Working data:
*** Block opens ***
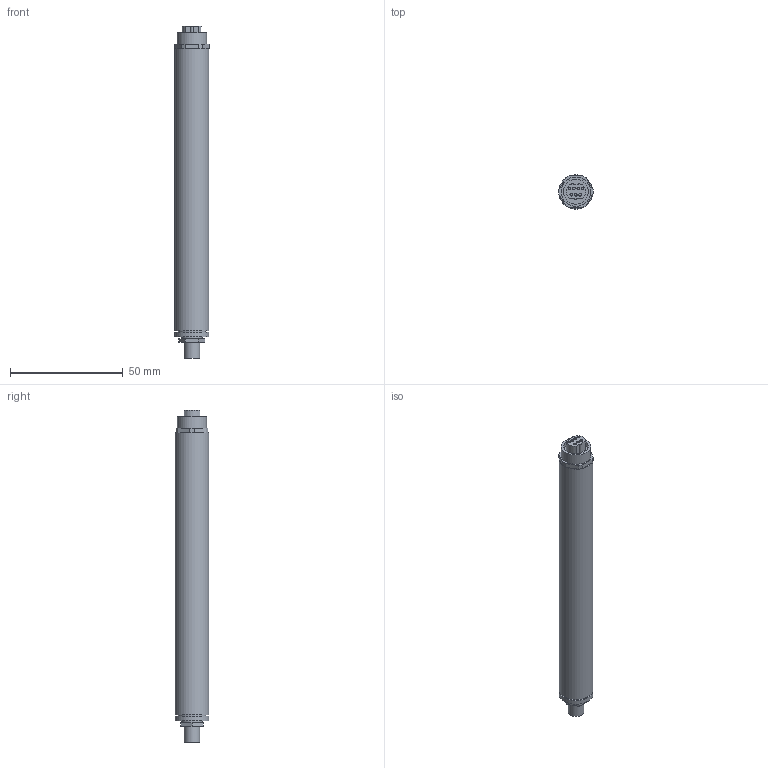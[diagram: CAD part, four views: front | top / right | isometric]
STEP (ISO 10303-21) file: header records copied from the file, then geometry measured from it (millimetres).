
FILE_DESCRIPTION(/* description */ (''),/* implementation_level */ '2;1');
FILE_NAME(/* name */ 'Pi-H001Zxx.step',/* time_stamp */ '2021-08-02T08:57:38+02:00',/* author */ (''),/* organization */ (''),/* preprocessor_version */ 'ST-DEVELOPER v18.1',/* originating_system */ 'Autodesk Translation Framework v10.9.0.1377',/* authorisation */ '');
FILE_SCHEMA (('AUTOMOTIVE_DESIGN { 1 0 10303 214 3 1 1 }'));
Length unit declared in the file: millimetre
Products named in the file (6): Pi-H001Zxx; Pi-xxx1Z; M12-4pin; Component1; Component2; E2-xx
Assembly tree (5 placements, depth 4):
  Pi-H001Zxx
    Pi-xxx1Z
      M12-4pin
        Component1
        Component2
    E2-xx
Bounding box: 15.08 x 15 x 147 mm (x, y, z)
Volume: 11054.7 mm3; surface area: 13588 mm2
Topology: 4 solids, 4 shells, 84 faces, 165 edges, 110 vertices
Faces by surface type: plane 52, cylinder 27, bspline 4, torus 1
Full cylindrical faces by diameter (mm): 1 x4, 1.2 x7, 6 x1, 7 x1, 8 x1, 9 x1, 11 x1, 12 x3, 13 x1, 15 x2
Entity records: 2428 total; most frequent: CARTESIAN_POINT 474, DIRECTION 416, ORIENTED_EDGE 330, EDGE_CURVE 165, AXIS2_PLACEMENT_3D 160, VERTEX_POINT 110, EDGE_LOOP 107, LINE 96
*** Block closes ***
Exercise aim:
Look over the entries for "surface", then copy every line that includes that string.

Answer to this exercise:
Volume: 11054.7 mm3; surface area: 13588 mm2
Faces by surface type: plane 52, cylinder 27, bspline 4, torus 1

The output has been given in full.